Records from a data source
=== Section Start ===

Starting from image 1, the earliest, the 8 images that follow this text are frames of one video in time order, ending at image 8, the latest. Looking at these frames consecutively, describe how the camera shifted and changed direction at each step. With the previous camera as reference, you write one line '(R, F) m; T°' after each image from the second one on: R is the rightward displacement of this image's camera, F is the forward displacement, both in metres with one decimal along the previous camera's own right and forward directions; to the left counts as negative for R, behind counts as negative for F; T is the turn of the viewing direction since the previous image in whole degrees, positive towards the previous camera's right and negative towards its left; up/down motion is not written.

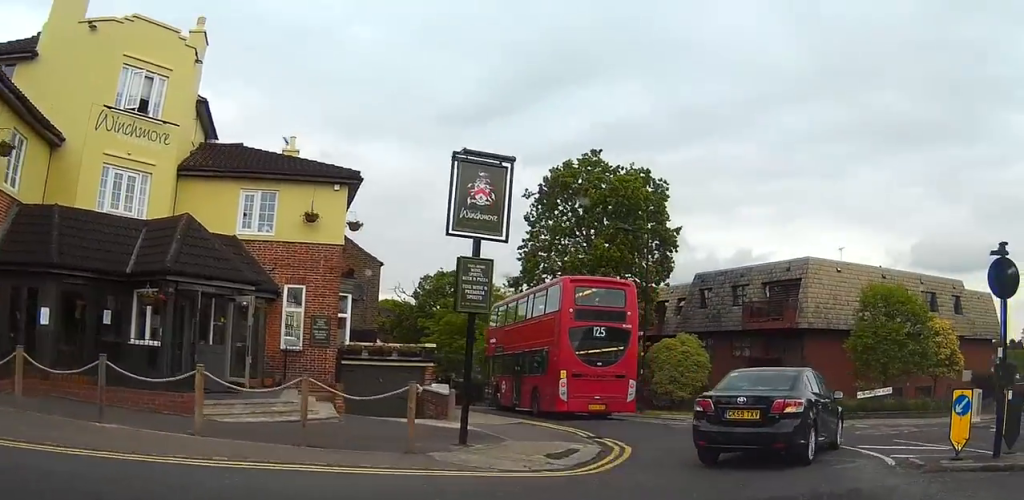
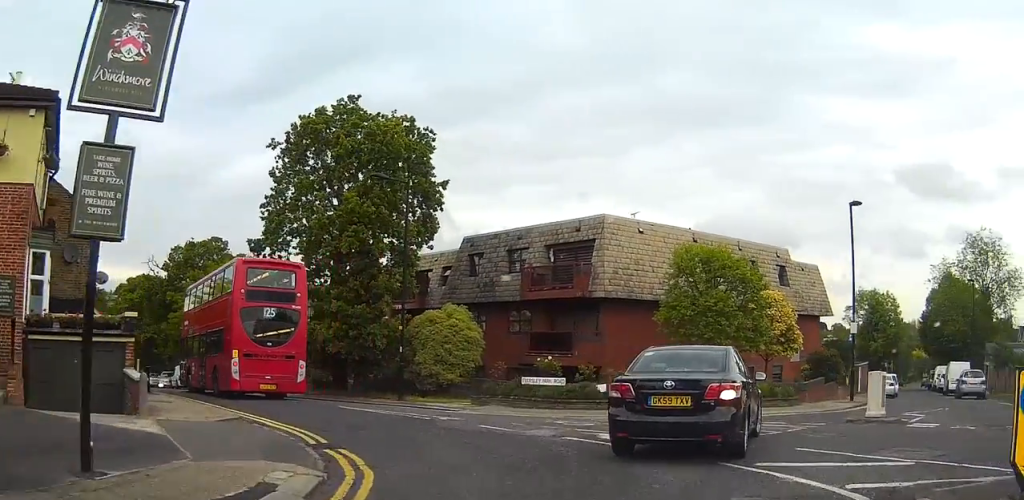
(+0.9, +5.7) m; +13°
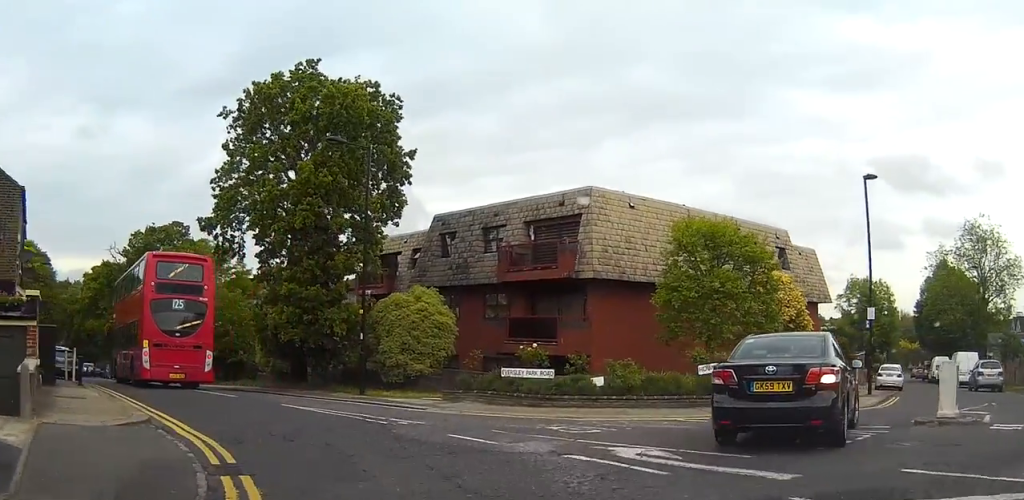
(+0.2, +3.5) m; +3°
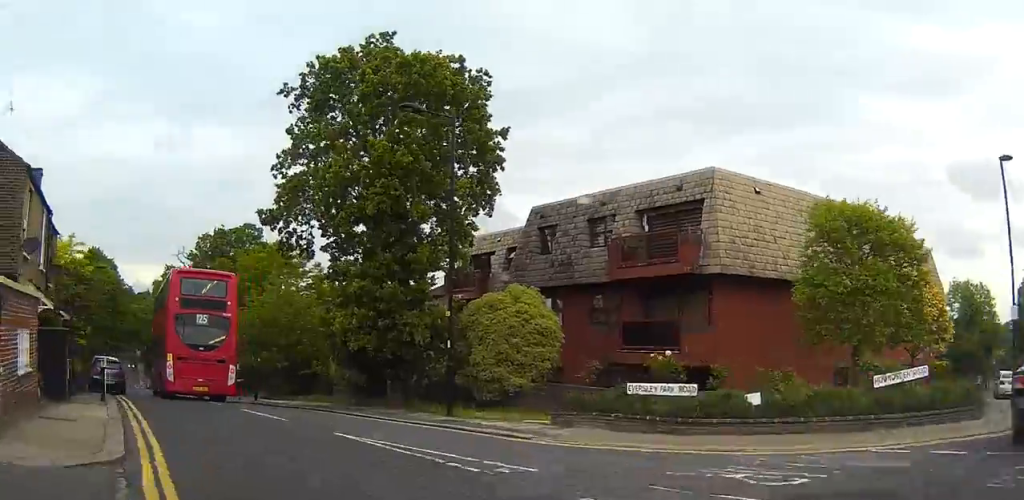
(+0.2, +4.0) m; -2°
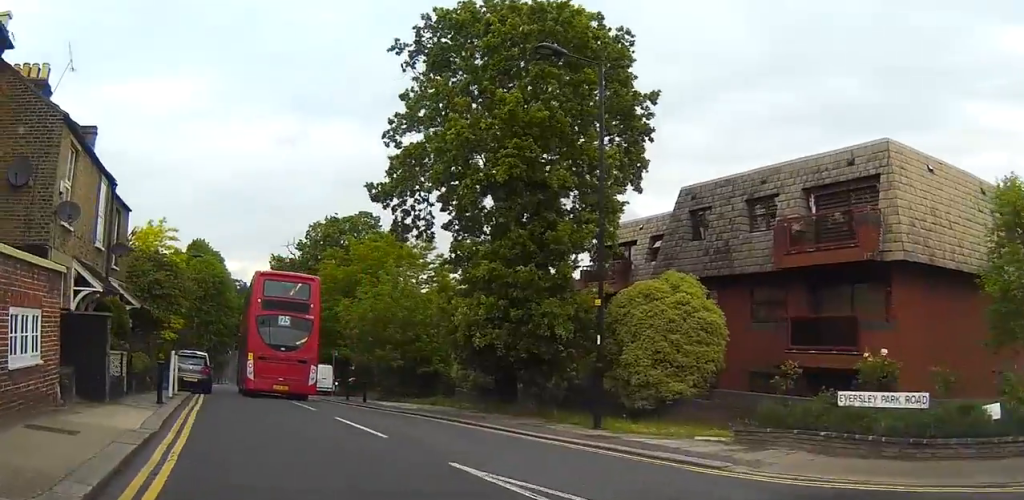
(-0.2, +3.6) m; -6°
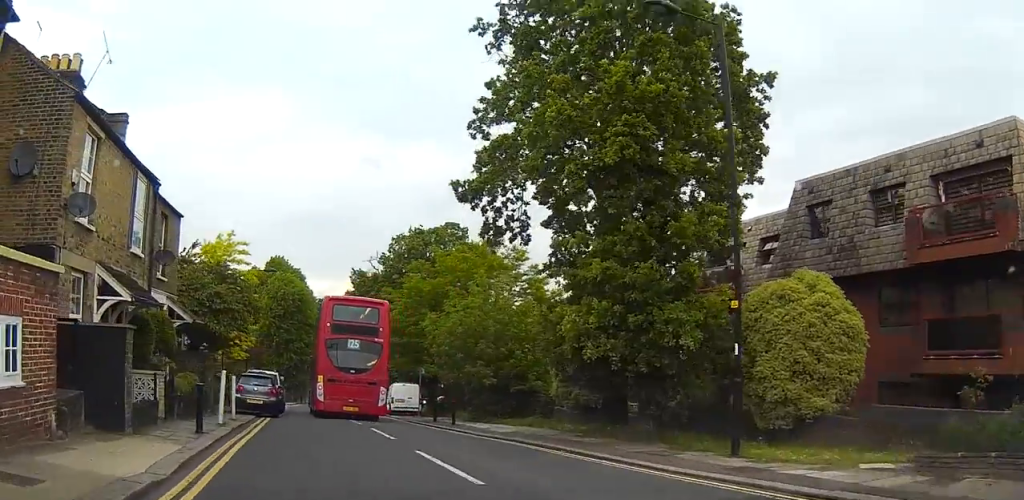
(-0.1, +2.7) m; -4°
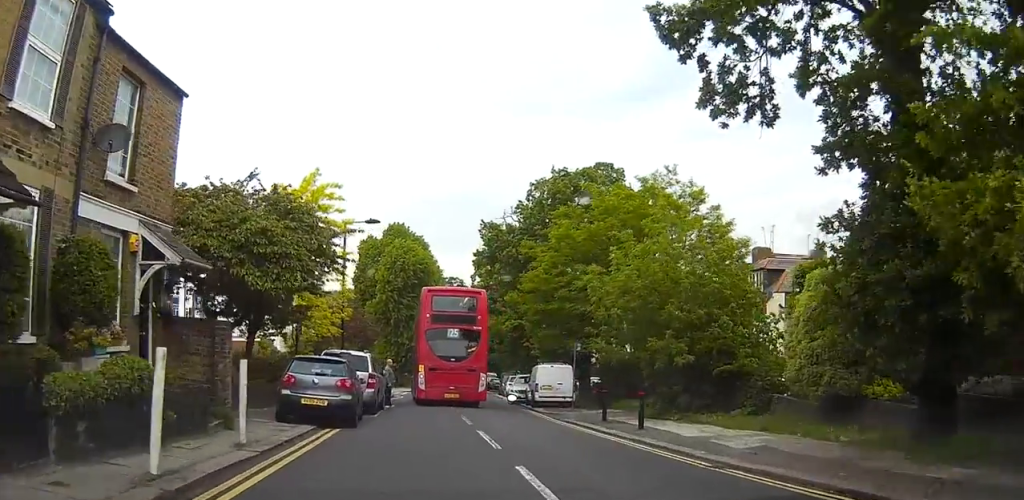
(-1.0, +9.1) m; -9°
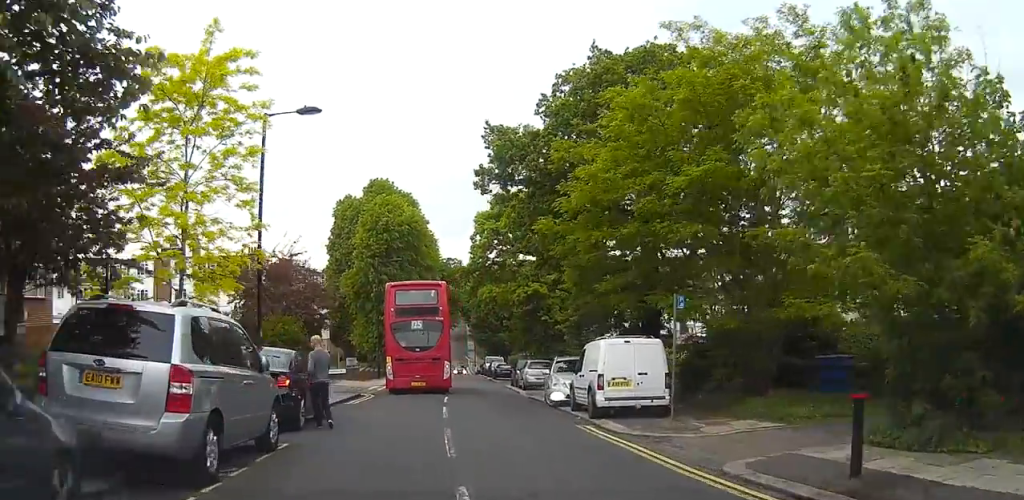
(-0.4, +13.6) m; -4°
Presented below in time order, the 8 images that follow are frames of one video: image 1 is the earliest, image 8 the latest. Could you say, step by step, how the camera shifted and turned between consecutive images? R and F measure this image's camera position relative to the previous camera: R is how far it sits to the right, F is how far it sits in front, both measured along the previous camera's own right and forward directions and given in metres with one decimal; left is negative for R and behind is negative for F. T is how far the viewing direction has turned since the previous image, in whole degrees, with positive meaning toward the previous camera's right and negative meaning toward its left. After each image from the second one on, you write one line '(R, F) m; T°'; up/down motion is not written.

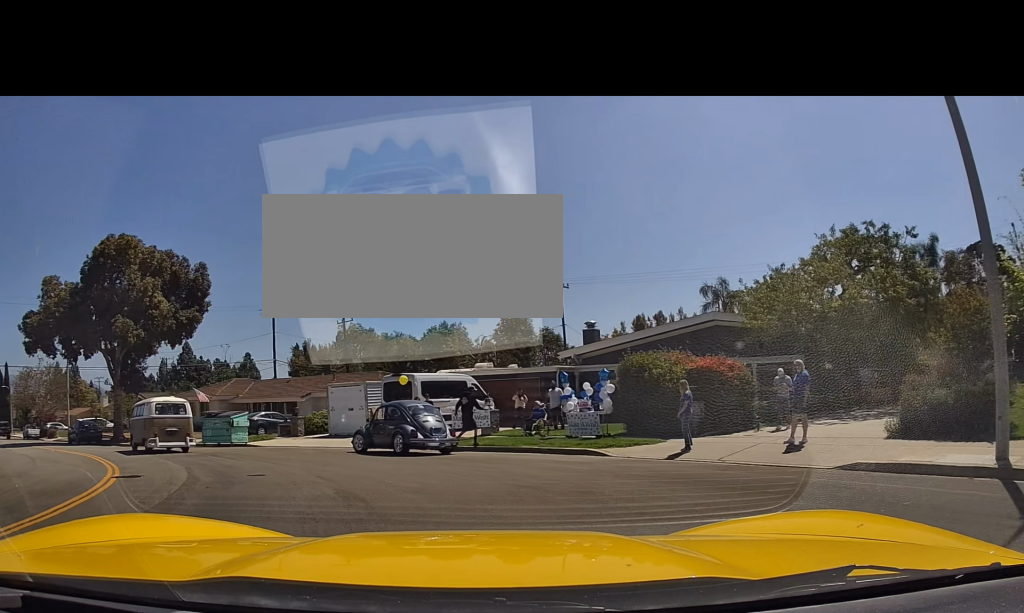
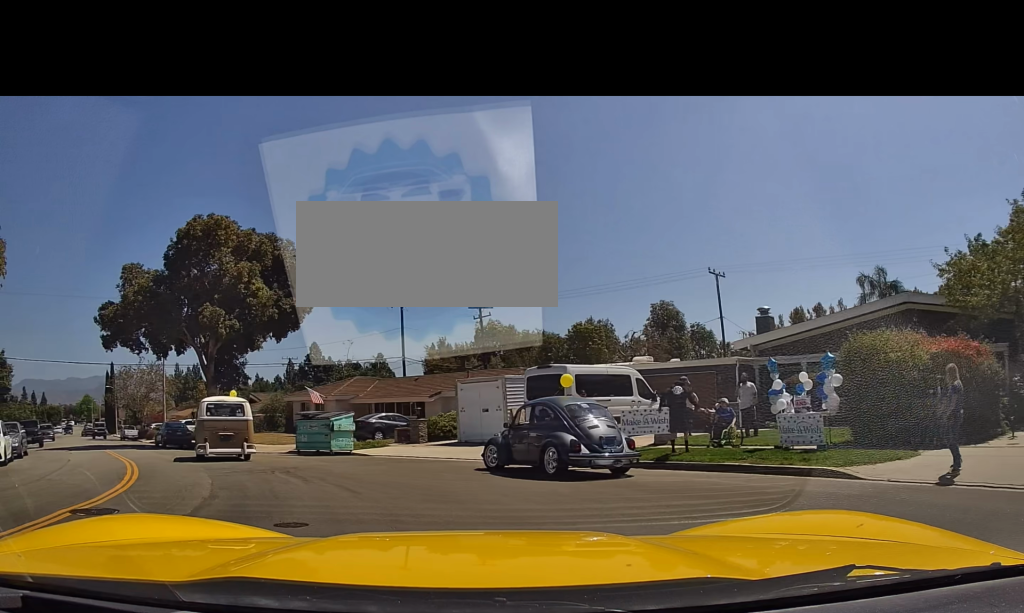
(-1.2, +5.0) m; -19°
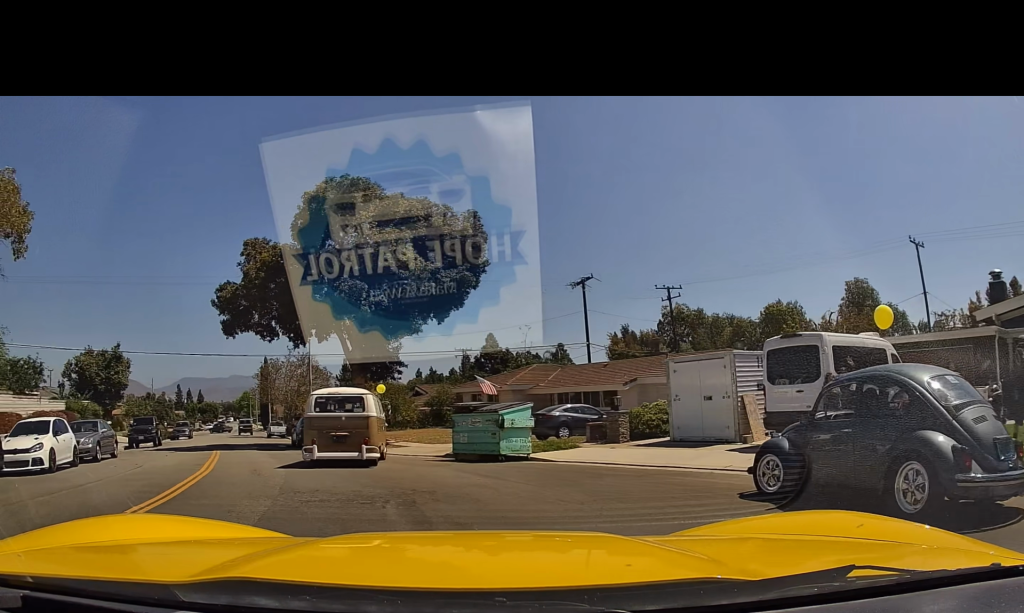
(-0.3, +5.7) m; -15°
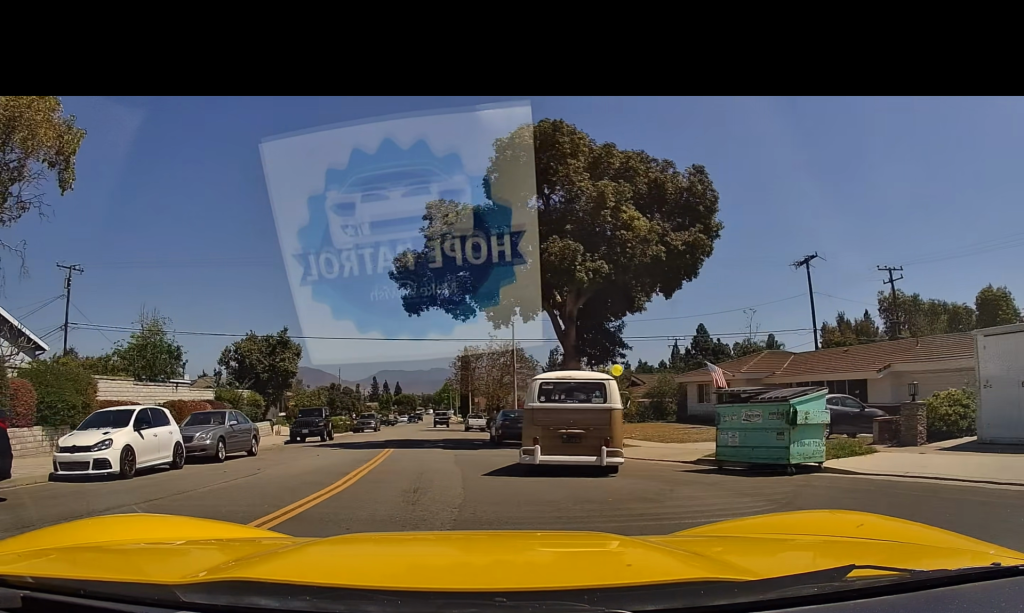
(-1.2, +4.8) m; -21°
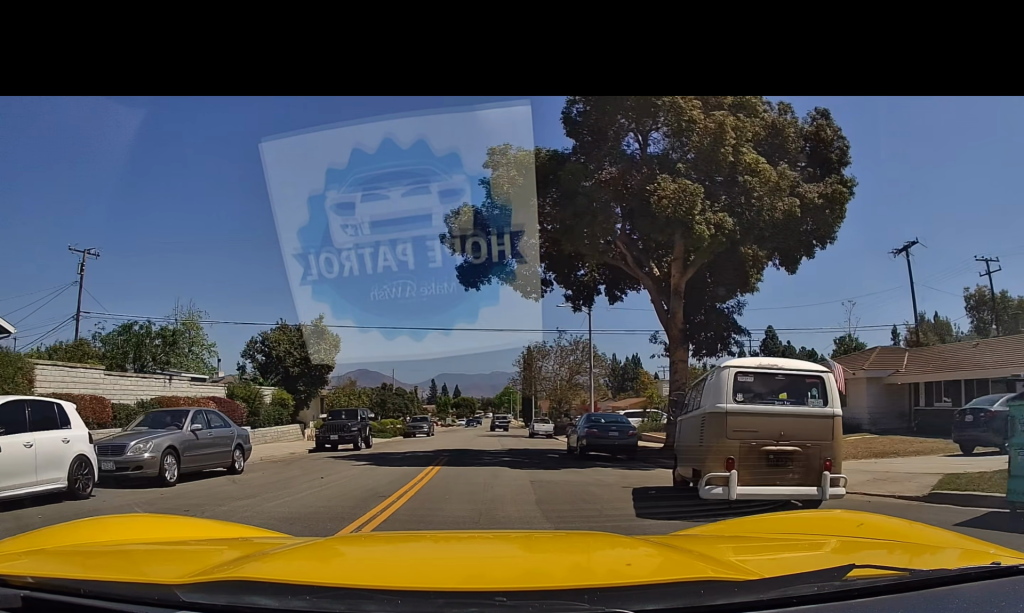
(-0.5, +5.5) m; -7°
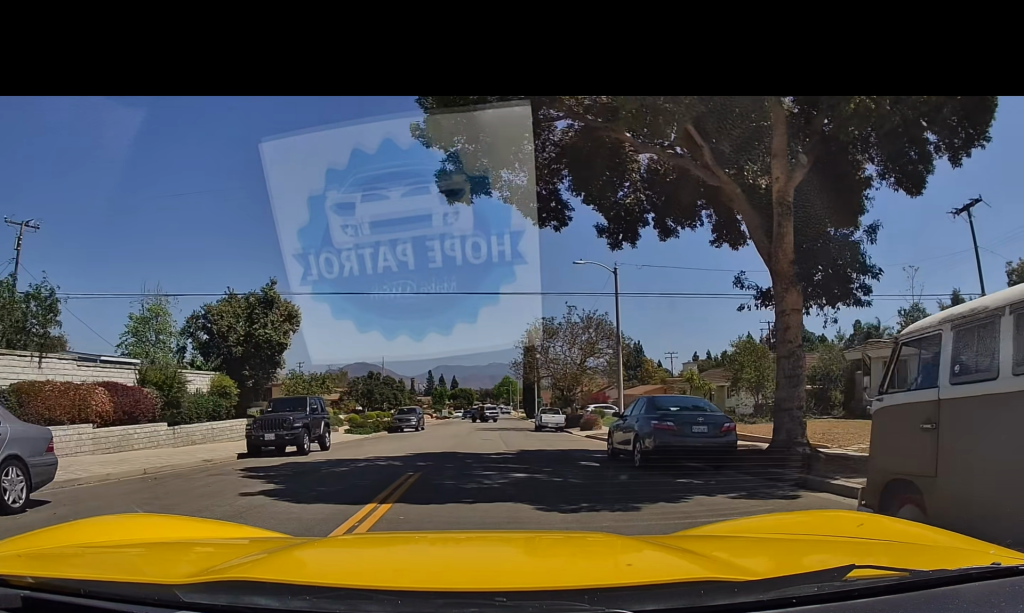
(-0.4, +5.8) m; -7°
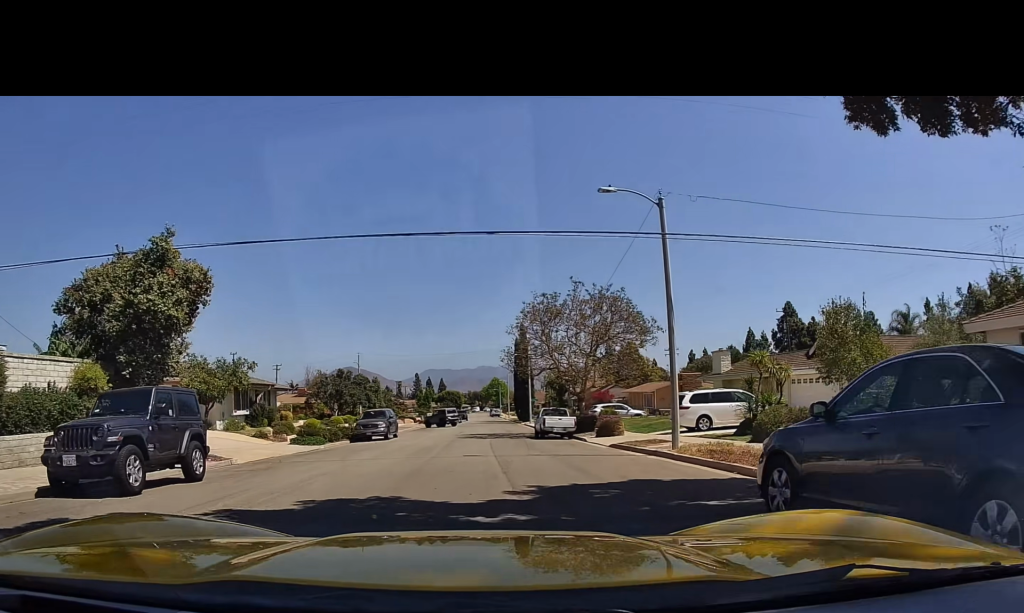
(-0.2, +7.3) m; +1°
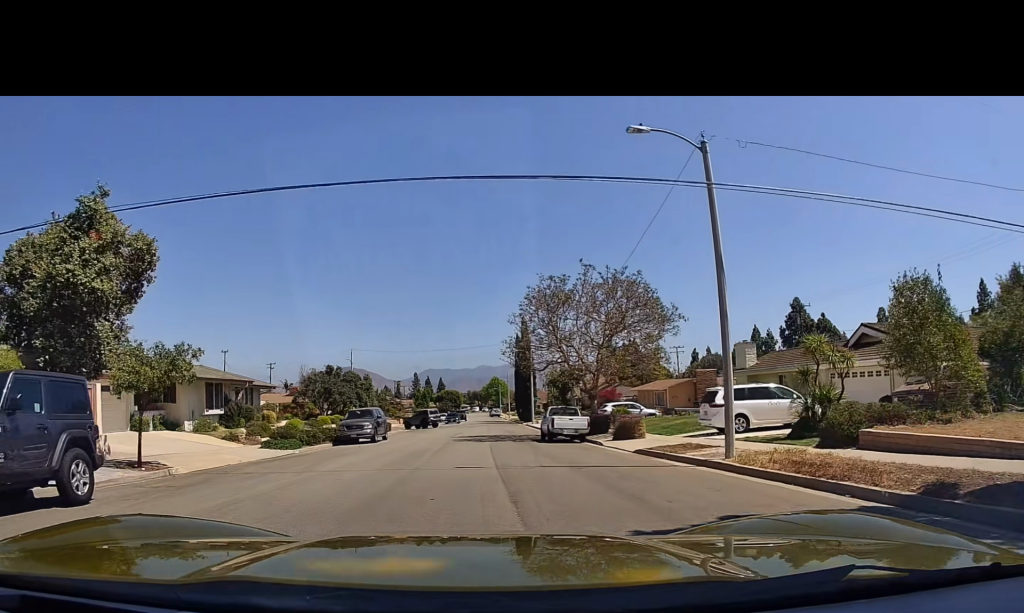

=== Section End ===

Leave images out of the retyped records; keep all else exact.

SOLUTION BELOW
Starting from image 1, the earliest, the 8 images that follow this text are frames of one video in time order, ending at image 8, the latest. Looking at these frames consecutively, describe how the camera shifted and changed direction at each step. With the previous camera as reference, you write one line '(R, F) m; T°' after each image from the second one on: R is the rightward displacement of this image's camera, F is the forward displacement, both in metres with one decimal along the previous camera's own right and forward directions; to the left counts as negative for R, behind counts as negative for F; T is the turn of the viewing direction since the previous image in whole degrees, positive towards the previous camera's right and negative towards its left; up/down motion is not written.

(+0.9, +5.7) m; +13°
(+0.2, +3.5) m; +3°
(+0.2, +4.0) m; -2°
(-0.2, +3.6) m; -6°
(-0.1, +2.7) m; -4°
(-1.0, +9.1) m; -9°
(-0.4, +13.6) m; -4°
Presented below in time order, the 8 images that follow are frames of one video: image 1 is the earliest, image 8 the latest. Could you say, step by step, how the camera shifted and turned between consecutive images? R and F measure this image's camera position relative to the previous camera: R is how far it sits to the right, F is how far it sits in front, both measured along the previous camera's own right and forward directions and given in metres with one decimal; left is negative for R and behind is negative for F. T is how far the viewing direction has turned since the previous image, in whole degrees, with positive meaning toward the previous camera's right and negative meaning toward its left. After each image from the second one on, you write one line '(R, F) m; T°'; up/down motion is not written.

(-1.2, +5.0) m; -19°
(-0.3, +5.7) m; -15°
(-1.2, +4.8) m; -21°
(-0.5, +5.5) m; -7°
(-0.4, +5.8) m; -7°
(-0.2, +7.3) m; +1°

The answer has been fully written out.